WHAT THE EXERCISE ASKS »
Pictures in the records are to be omitted; everything else is copied exactly.

SOURCE DATA »
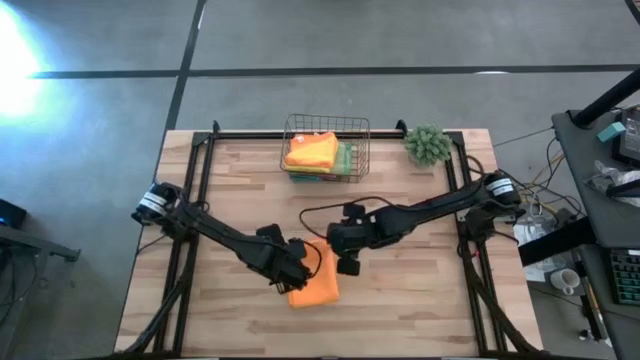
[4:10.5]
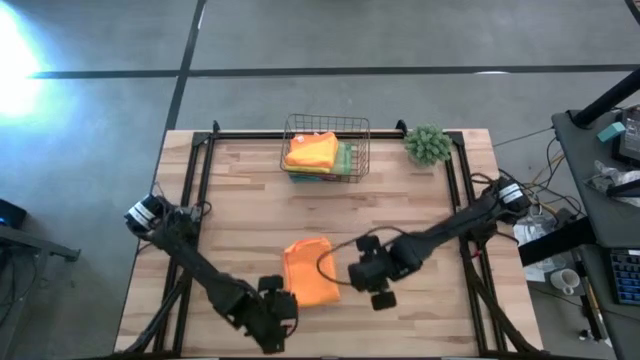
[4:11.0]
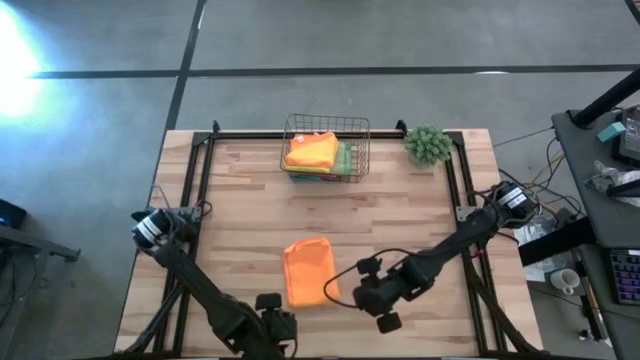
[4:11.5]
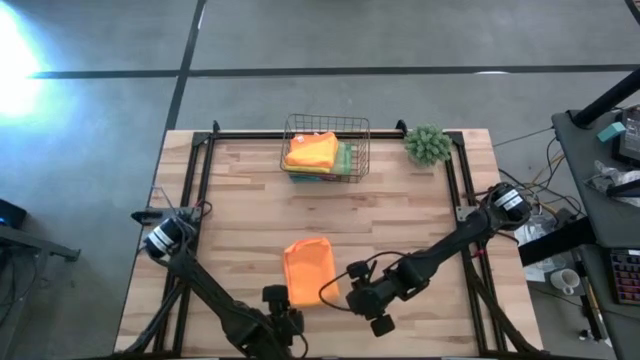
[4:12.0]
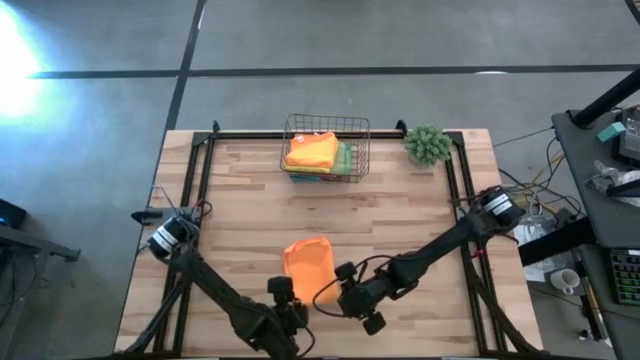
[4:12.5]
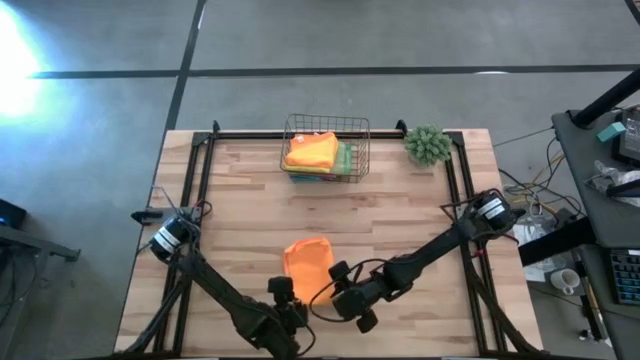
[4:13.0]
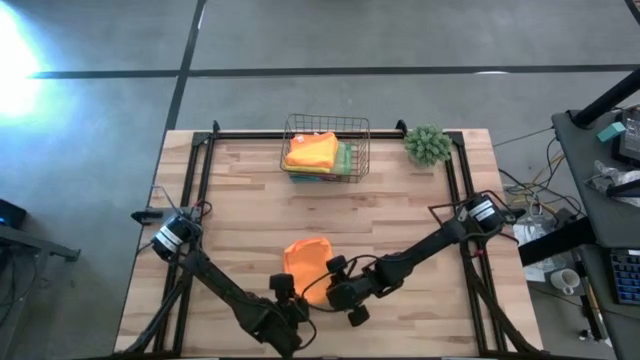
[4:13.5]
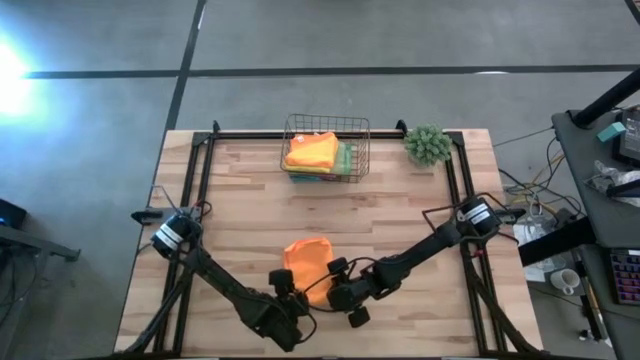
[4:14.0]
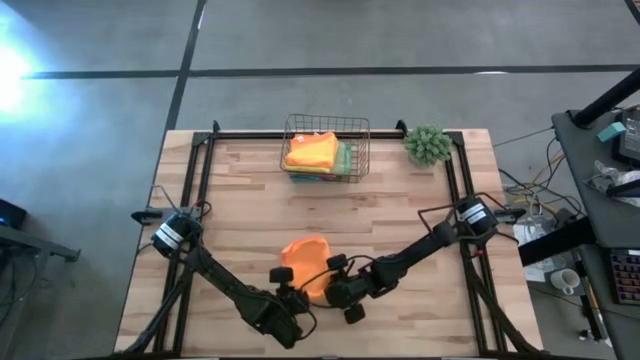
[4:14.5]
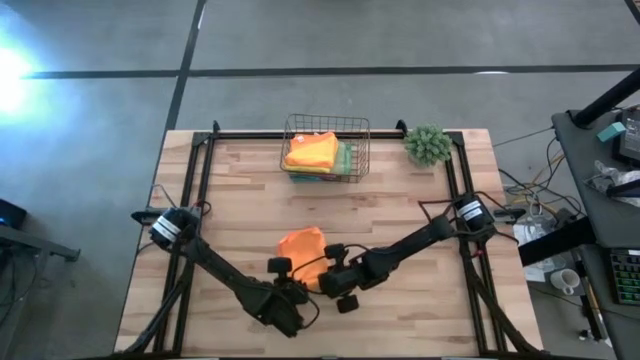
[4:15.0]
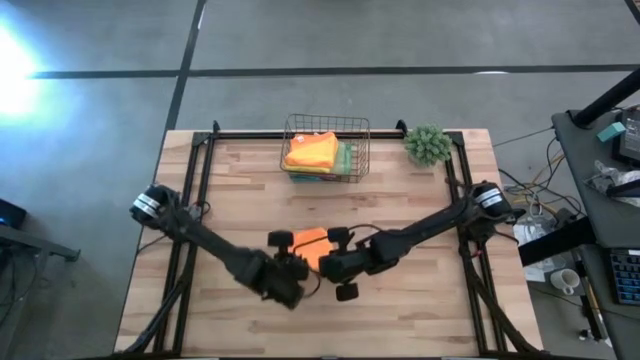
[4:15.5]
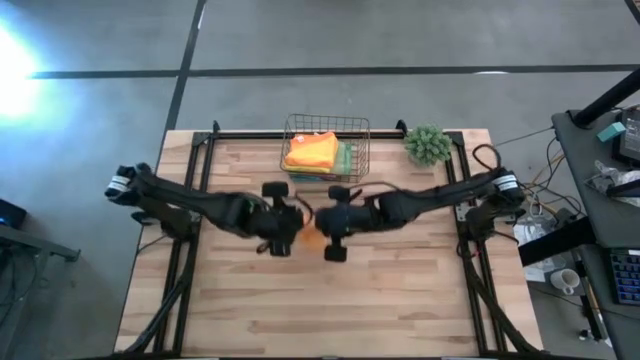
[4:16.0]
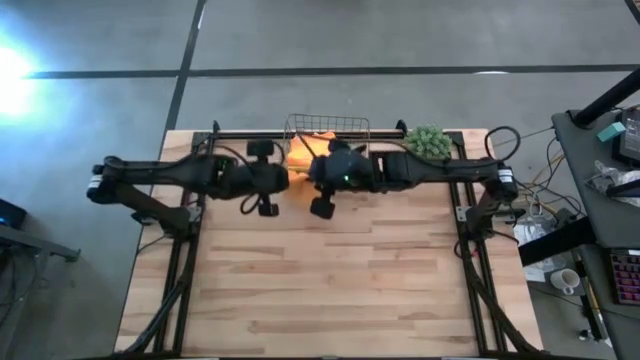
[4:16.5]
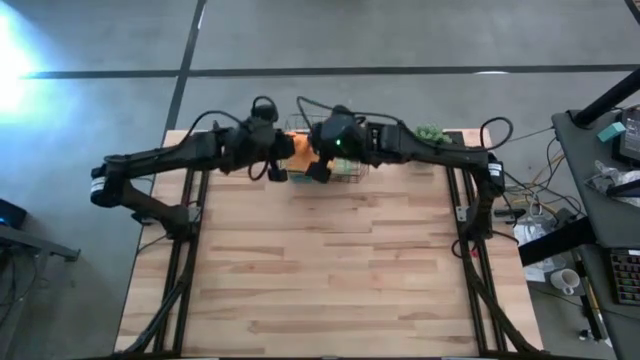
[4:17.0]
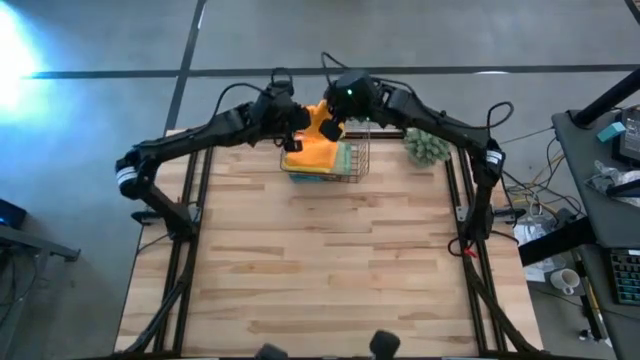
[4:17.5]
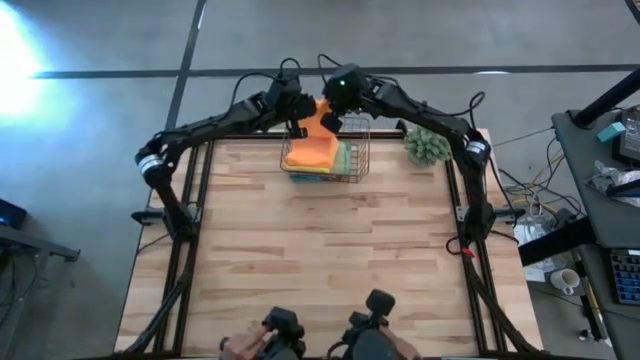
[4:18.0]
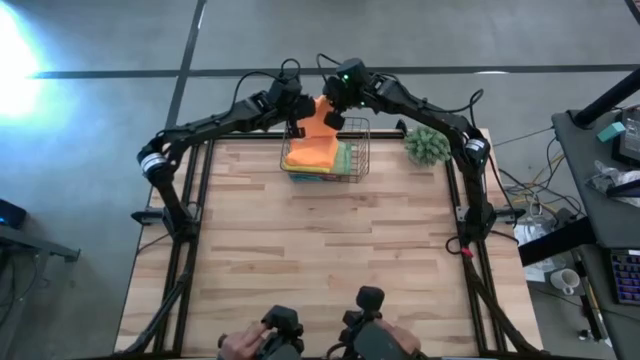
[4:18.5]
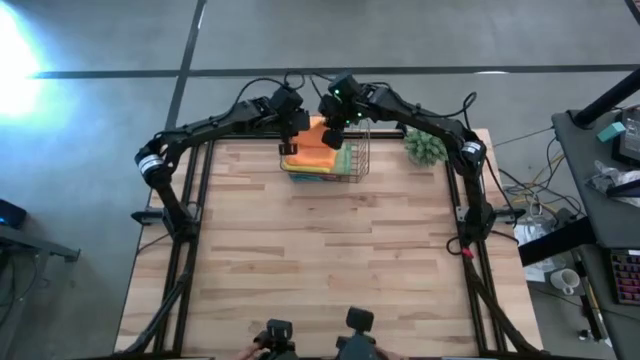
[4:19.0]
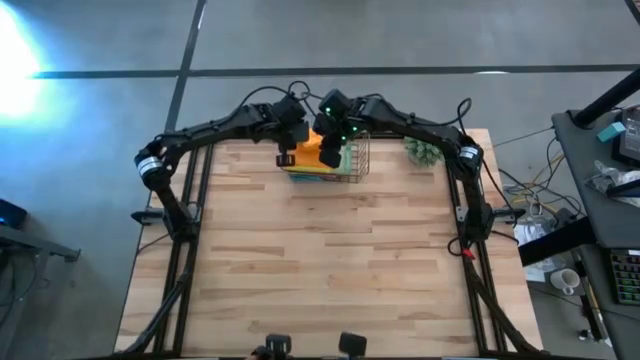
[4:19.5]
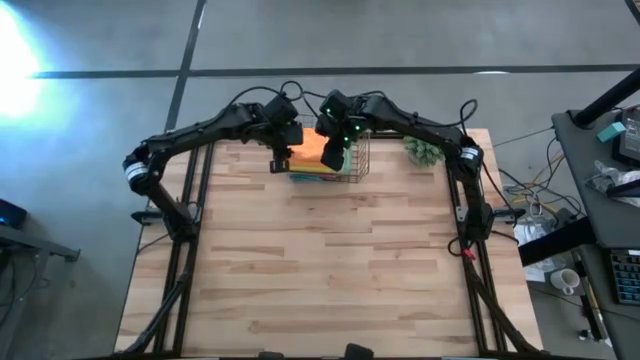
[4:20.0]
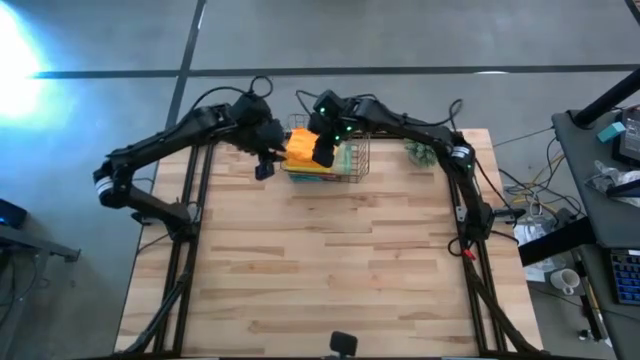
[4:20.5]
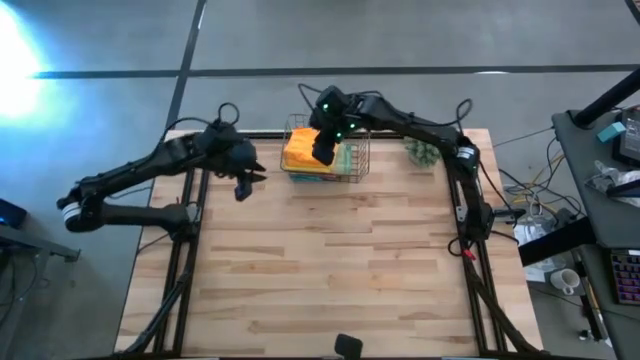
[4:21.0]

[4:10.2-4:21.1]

RESULT OF THE TASK »
[4:10.5]
[4:11.0]
[4:11.5]
[4:12.0]
[4:12.5]
[4:13.0]
[4:13.5]
[4:14.0]
[4:14.5]
[4:15.0]
[4:15.5]
[4:16.0]
[4:16.5]
[4:17.0]
[4:17.5]
[4:18.0]
[4:18.5]
[4:19.0]
[4:19.5]
[4:20.0]
[4:20.5]
[4:21.0]

[4:10.2-4:21.1]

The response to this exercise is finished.